Decision Date25 June 1999
Docket NumberNo. 98-1197,98-1197
CourtU.S. Court of Appeals — District of Columbia Circuit
PartiesSOUTHWESTERN BELL TELEPHONE COMPANY, et al., Petitioners, v. FEDERAL COMMUNICATIONS COMMISSION and United States of America, Respondents. AT&T Corporation, et al., Intervenors.

On Petition for Review of an Order of the Federal Communications Commission.

Geoffrey M. Klineberg argued the cause for petitioners. With him on the briefs were Michael K. Kellogg, Mark L. Evans, James D. Ellis, Robert M. Lynch, Durward D. Dupre, Michael J. Zpevak, Thomas A. Pajda, Michael E. Glover, and Edward Shakin.

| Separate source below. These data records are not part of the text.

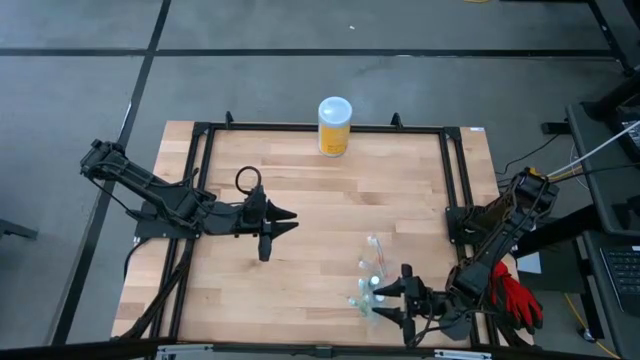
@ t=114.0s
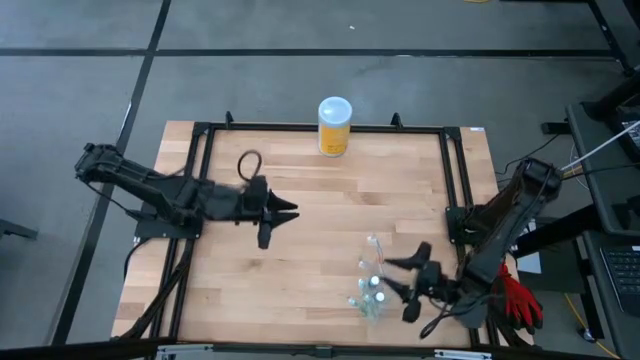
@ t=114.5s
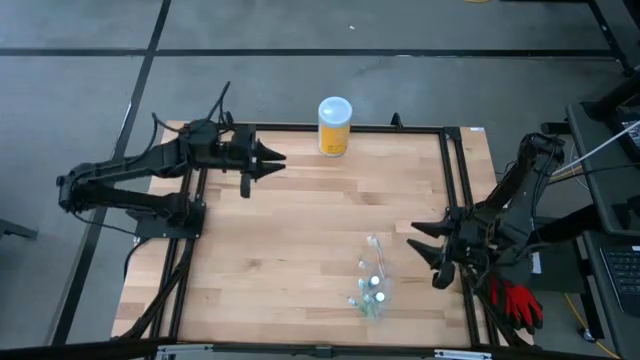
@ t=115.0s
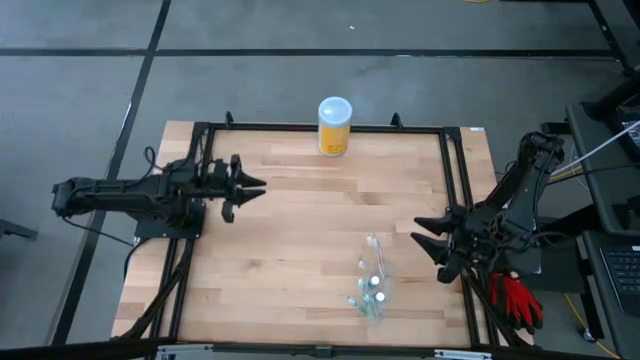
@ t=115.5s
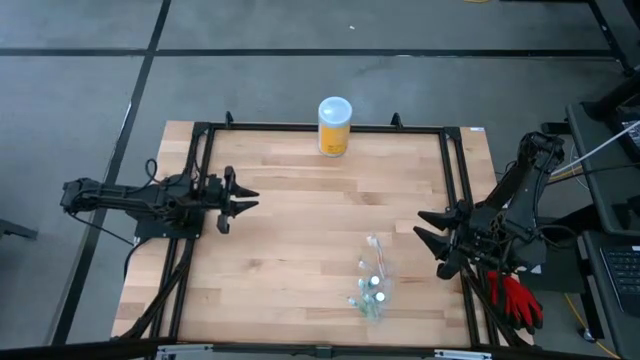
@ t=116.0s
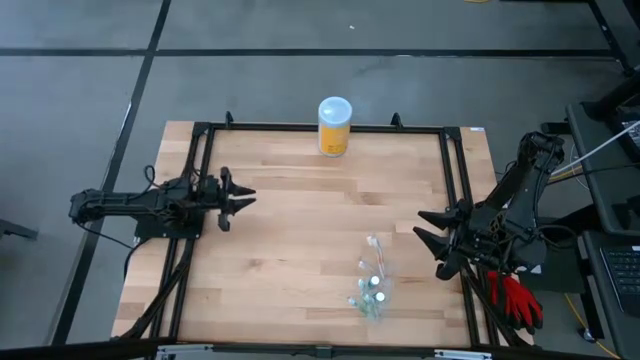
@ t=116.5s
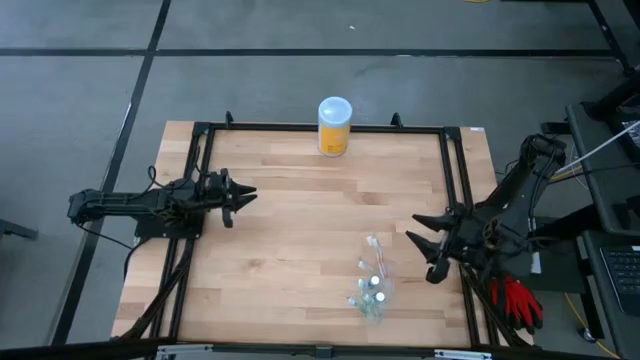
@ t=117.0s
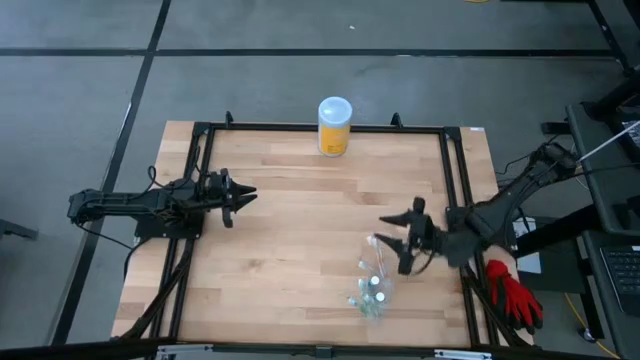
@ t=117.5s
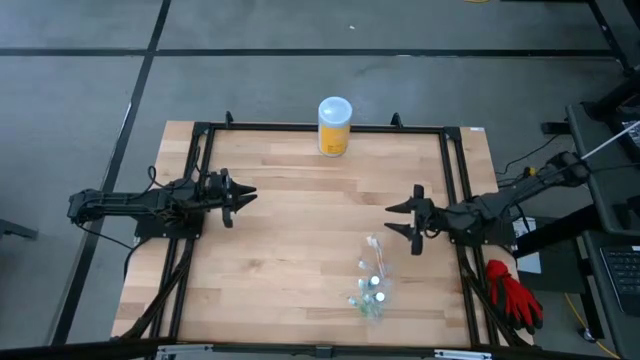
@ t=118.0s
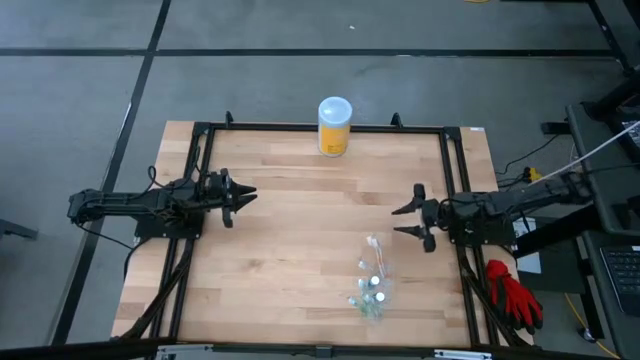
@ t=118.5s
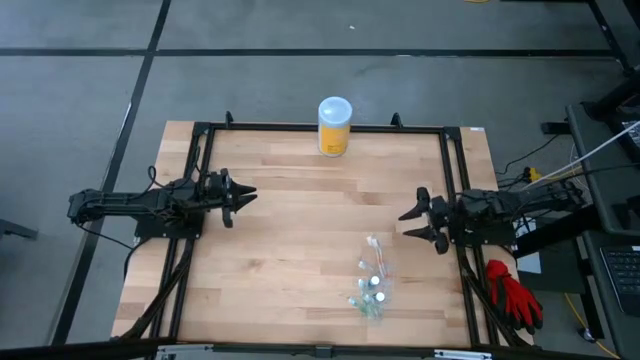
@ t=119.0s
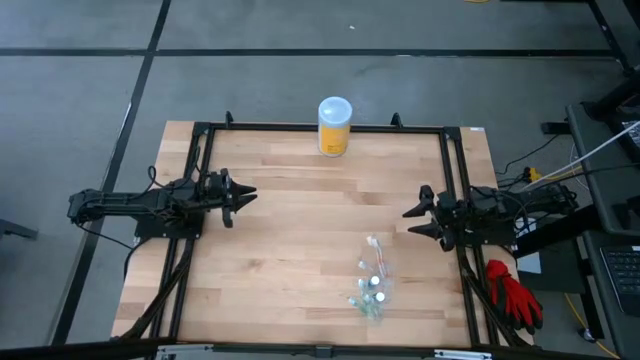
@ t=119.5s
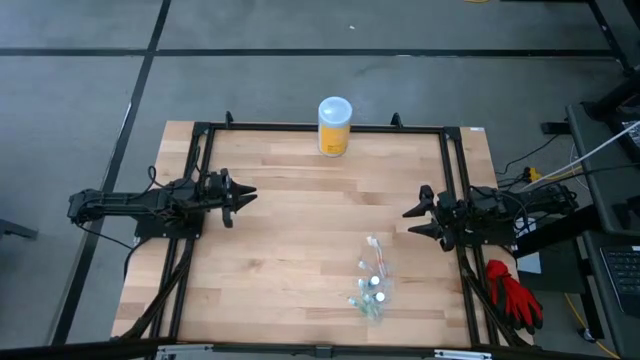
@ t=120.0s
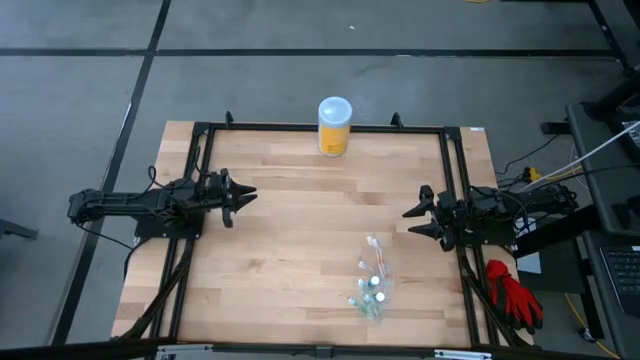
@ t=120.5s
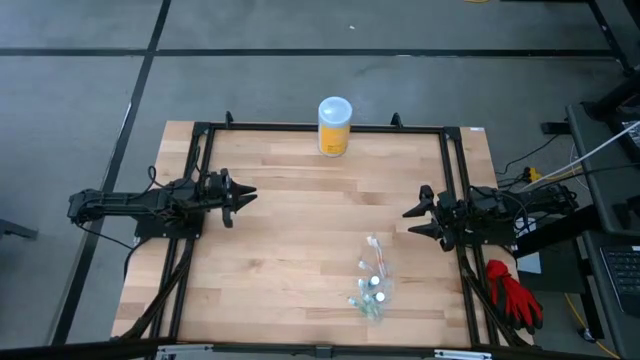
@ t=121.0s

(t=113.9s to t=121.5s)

Joel Marcus, Counsel, Federal Communications Commission, argued the cause for respondents. On the brief were Joel I. Klein, Assistant Attorney General, U.S. Department of Justice, Robert B. Nicholson and Robert J. Wiggers, Attorneys, Christopher J. Wright, General Counsel, Federal Communications Commission, John E. Ingle, Deputy Associate General Counsel, and Carl D. Lawson, Counsel.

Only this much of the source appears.